3SBio acquires pegsiticase global rights from EnzymeRx for $6.

It has been shown to profoundly lower the crystals when administered as by intravenous infusion and intramuscular injection, and was safe and well-tolerated in a pair of recent phase I clinical studies sponsored by EnzymeRx. Pegsiticase provides received Orphan Medication designation from the FDA for refractory gout, tumor lysis Lesch-Nyhan and syndrome Syndrome.

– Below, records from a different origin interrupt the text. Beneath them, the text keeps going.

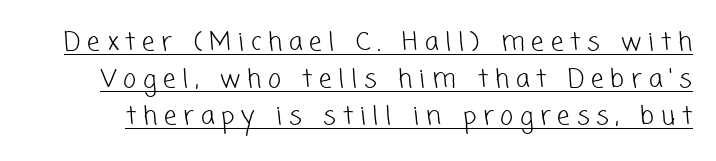
The image shows 25 px text type; set normal line spacing (1.48x), unusually wide letter spacing (+0.27 em), underlined.
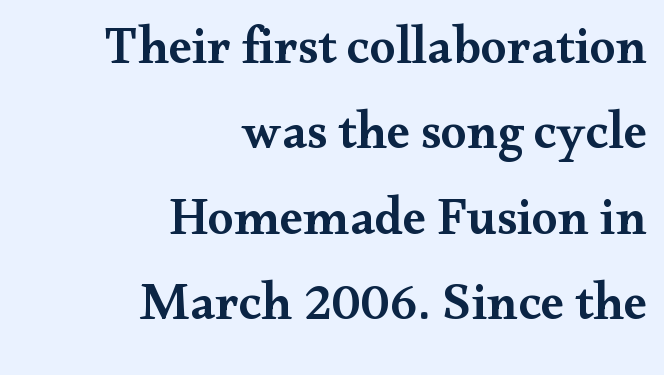
Q: Is the text bold? A: Semi-bold.
Q: Is the text italic (slanted)? A: No, it is upright.
Q: Is the typeface a serif or a sans-serif typeface? A: Serif.
Q: Is the text underlined? A: No.
Q: How is the paragraph aligned? A: Right-aligned.
Q: Is the spacing between letters normal or unusually wide? A: Normal.
Q: Is the spacing between lines tight, normal or loose? A: Normal.
Q: Width (condensed, normal, or wide)? A: Wide.
Q: Stroke contrast? A: Medium.
Q: x-height? A: Small.
Q: Monospaced? A: No.
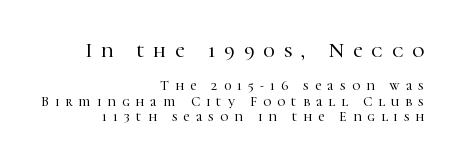
Q: Is the text italic (slanted)? A: No, it is upright.
Q: Is the text underlined? A: No.
Q: How is the paragraph aligned? A: Right-aligned.
Q: Is the spacing between letters normal or unusually wide? A: Unusually wide.
Q: Is the spacing between lines tight, normal or loose? A: Tight.
Q: Which block of text is set in a larger size, the first (top) or the second (bottom)? A: The first (top) one.
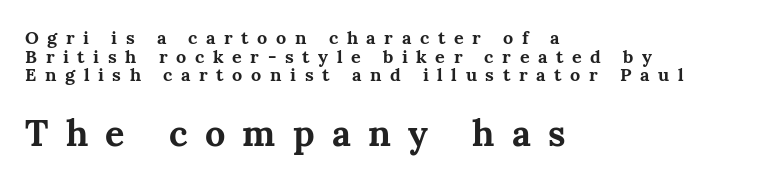
The image shows 36 px bold serif type, upright; set left-aligned, tight line spacing (1.03x), unusually wide letter spacing (+0.48 em), not underlined; the second (bottom) block is 2.0x larger; medium stroke contrast and a medium x-height.
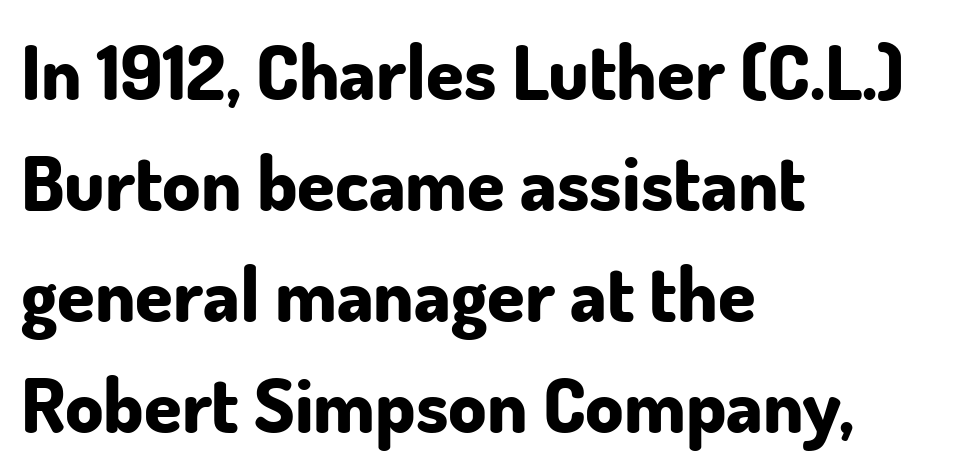
The image shows 76 px bold sans-serif type, upright; set left-aligned, normal line spacing (1.46x), normal letter spacing, not underlined; low stroke contrast and a small x-height.
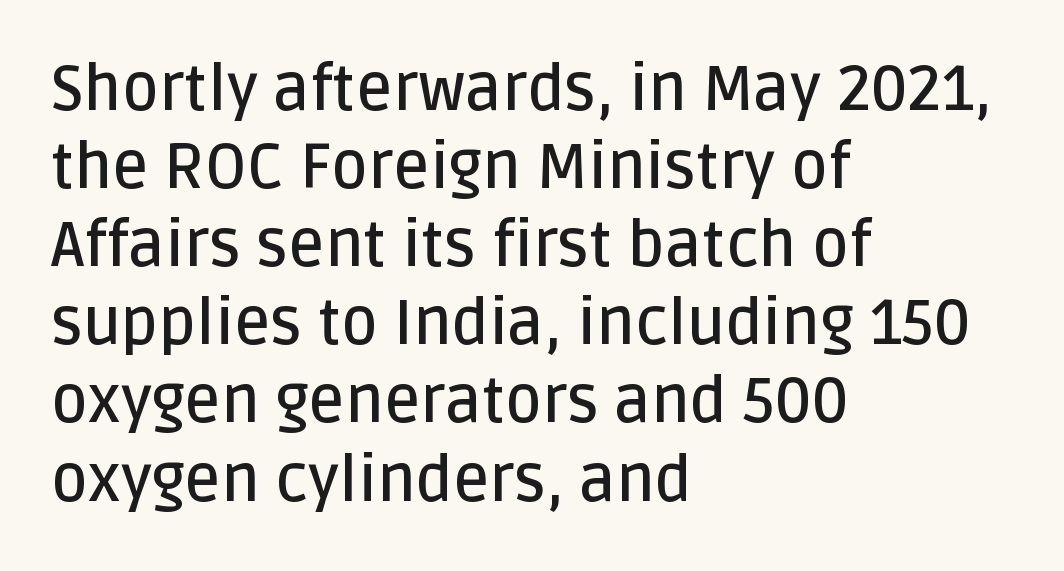
The image shows 63 px semibold sans-serif type, upright; set left-aligned, line spacing 1.24x, normal letter spacing, not underlined; low stroke contrast and a large x-height.
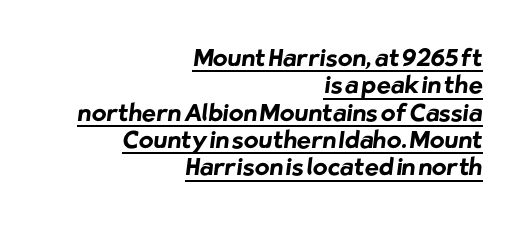
{"bold": "yes", "underline": "yes", "align": "right", "line_spacing": "tight", "line_spacing_ratio": 1.14, "letter_spacing": "normal", "letter_spacing_em": 0.0, "glyph_px": 24}
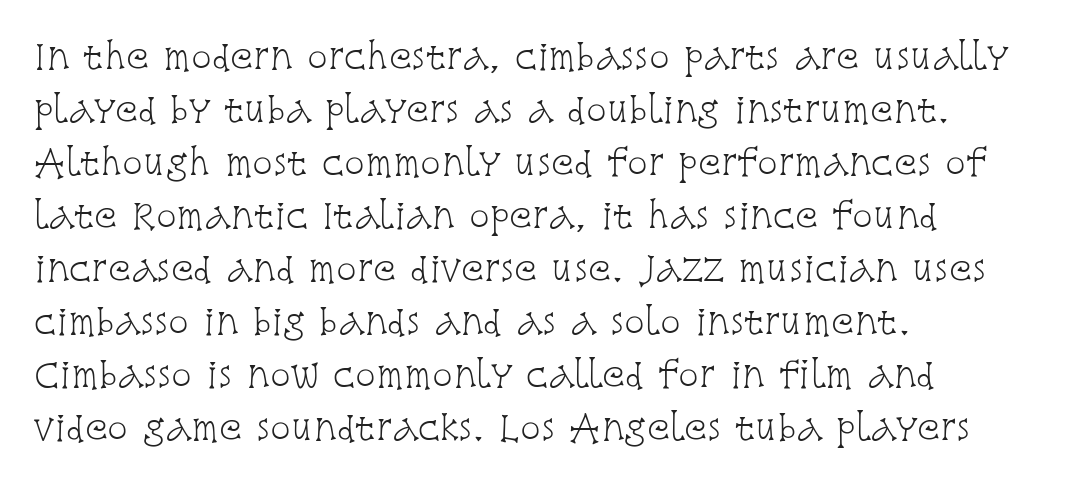
{"serif": "yes", "italic": "no", "bold": "no", "weight": "light", "width": "condensed", "stroke_contrast": "low", "x_height": "large", "monospaced": "no", "underline": "no", "align": "left", "line_spacing": "normal", "line_spacing_ratio": 1.56, "letter_spacing": "normal", "letter_spacing_em": 0.0, "glyph_px": 34}
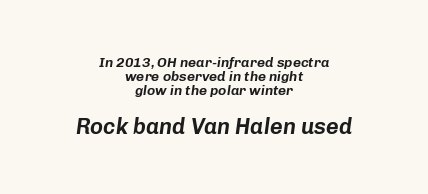
Visually the block forms a symmetrical silhouette, jagged on both flanks. The face used here has a pronounced slope to its letters. Nothing unusual about the tracking: characters are spaced as the font intends. Summary of vertical rhythm: compact, with narrow interline spacing. The passage shown is not underscored anywhere.
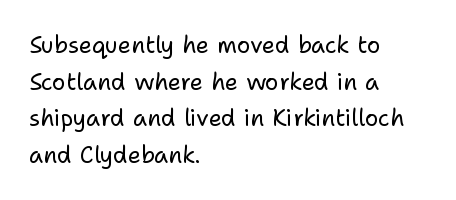
Q: Is the text bold? A: No.
Q: Is the text italic (slanted)? A: No, it is upright.
Q: Is the text underlined? A: No.
Q: How is the paragraph aligned? A: Left-aligned.
Q: Is the spacing between letters normal or unusually wide? A: Normal.
Q: Is the spacing between lines tight, normal or loose? A: Normal.
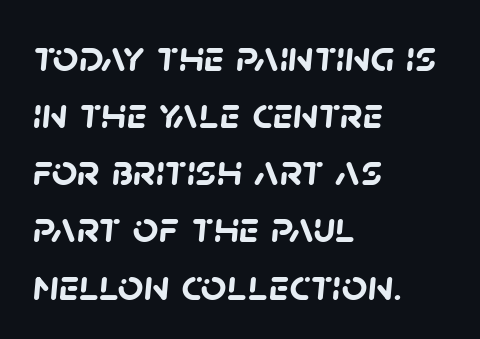
Q: Is the text bold? A: Yes.
Q: Is the typeface a serif or a sans-serif typeface? A: Sans-serif.
Q: Is the text underlined? A: No.
Q: How is the paragraph aligned? A: Left-aligned.
Q: Is the spacing between letters normal or unusually wide? A: Normal.
Q: Is the spacing between lines tight, normal or loose? A: Normal.
Q: Width (condensed, normal, or wide)? A: Normal.
Q: Stroke contrast? A: Low.
Q: x-height? A: Large.
Q: Monospaced? A: No.
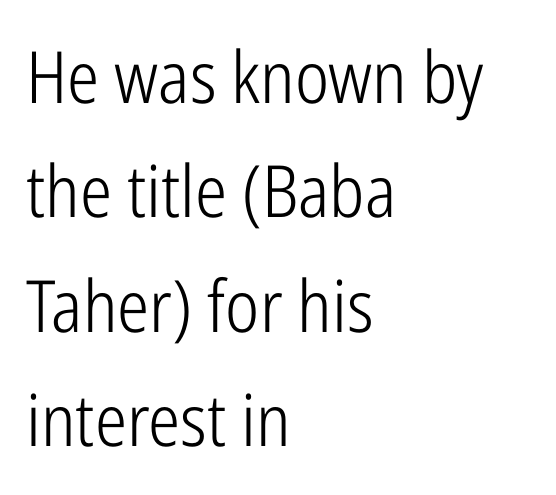
Q: Is the text bold? A: No.
Q: Is the text italic (slanted)? A: No, it is upright.
Q: Is the typeface a serif or a sans-serif typeface? A: Sans-serif.
Q: Is the text underlined? A: No.
Q: How is the paragraph aligned? A: Left-aligned.
Q: Is the spacing between letters normal or unusually wide? A: Normal.
Q: Is the spacing between lines tight, normal or loose? A: Normal.
Q: Width (condensed, normal, or wide)? A: Condensed.
Q: Stroke contrast? A: Low.
Q: x-height? A: Medium.
Q: Monospaced? A: No.
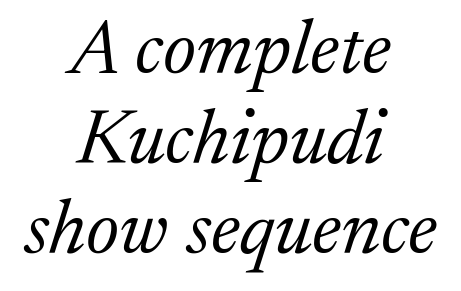
Q: Is the text bold? A: No.
Q: Is the text italic (slanted)? A: Yes, it leans right by about 17 degrees.
Q: Is the typeface a serif or a sans-serif typeface? A: Serif.
Q: Is the text underlined? A: No.
Q: How is the paragraph aligned? A: Centered.
Q: Is the spacing between letters normal or unusually wide? A: Normal.
Q: Width (condensed, normal, or wide)? A: Normal.
Q: Stroke contrast? A: Medium.
Q: x-height? A: Medium.
Q: Monospaced? A: No.
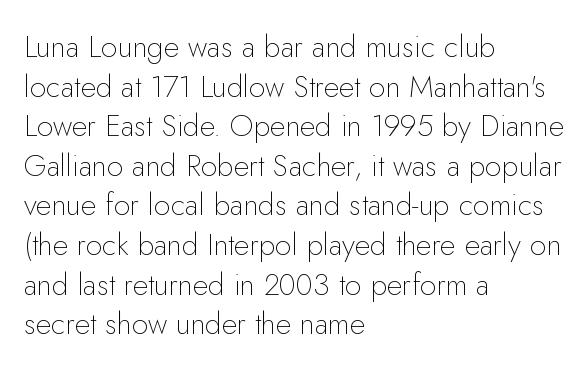
The image shows 30 px thin sans-serif type, upright; set left-aligned, normal line spacing (1.32x), normal letter spacing, not underlined; low stroke contrast and a small x-height.
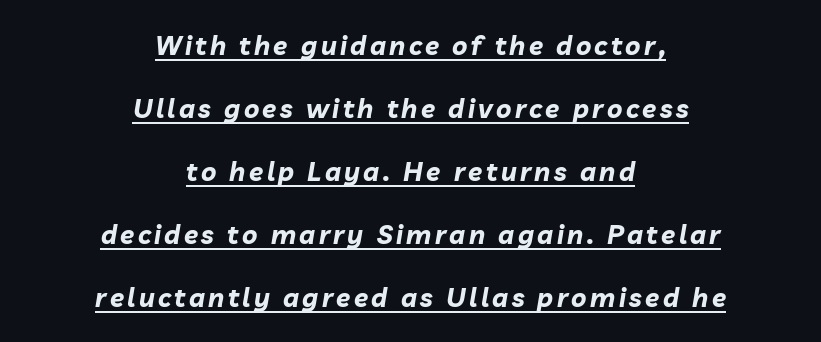
The rag falls on both sides of this text block equally. Has an underline been added? It has. Typesetter's note: full bold, strokes at maximum text heaviness. The glyphs look as if they've been sheared to an angle. The block of text is sparse from top to bottom, with ample space between rows.

Related StoriesSRS microscope technology provides surgeons real-period microscopic vision of brain tumorsUCSD researchers develop brand-new computational strategy to find tumor-shrinking moleculesChemotherapy treatment can donate to long-term neurocognitive deficits in pediatric mind tumor survivors 3SBio intends to build up pegsiticase in China and can seek partnerships for advancement outside of China.Related StoriesCornell biomedical engineers develop 'very natural killer cells' to destroy cancers cells in lymph nodesOvarian tumor patients with a brief history of oral contraceptive use have better outcomesNew results reveal association between colorectal cancers and melanoma drug treatmentIn the four-arm trial, researchers randomly assigned 1,803 premenopausal patients with early-stage, estrogen receptor -positive breast malignancy to get tamoxifen or anastrazole or each one of these two remedies with zoledronic acid for 3 years. In the original report, presented in 2008, Gnant and his colleagues reported significantly improved disease-free survival. The most recent long-term data, at 84 weeks after treatment, revealed a 28 % reduced risk for recurrence and a 36 % reduction in risk for death among patients treated with zoledronic acid.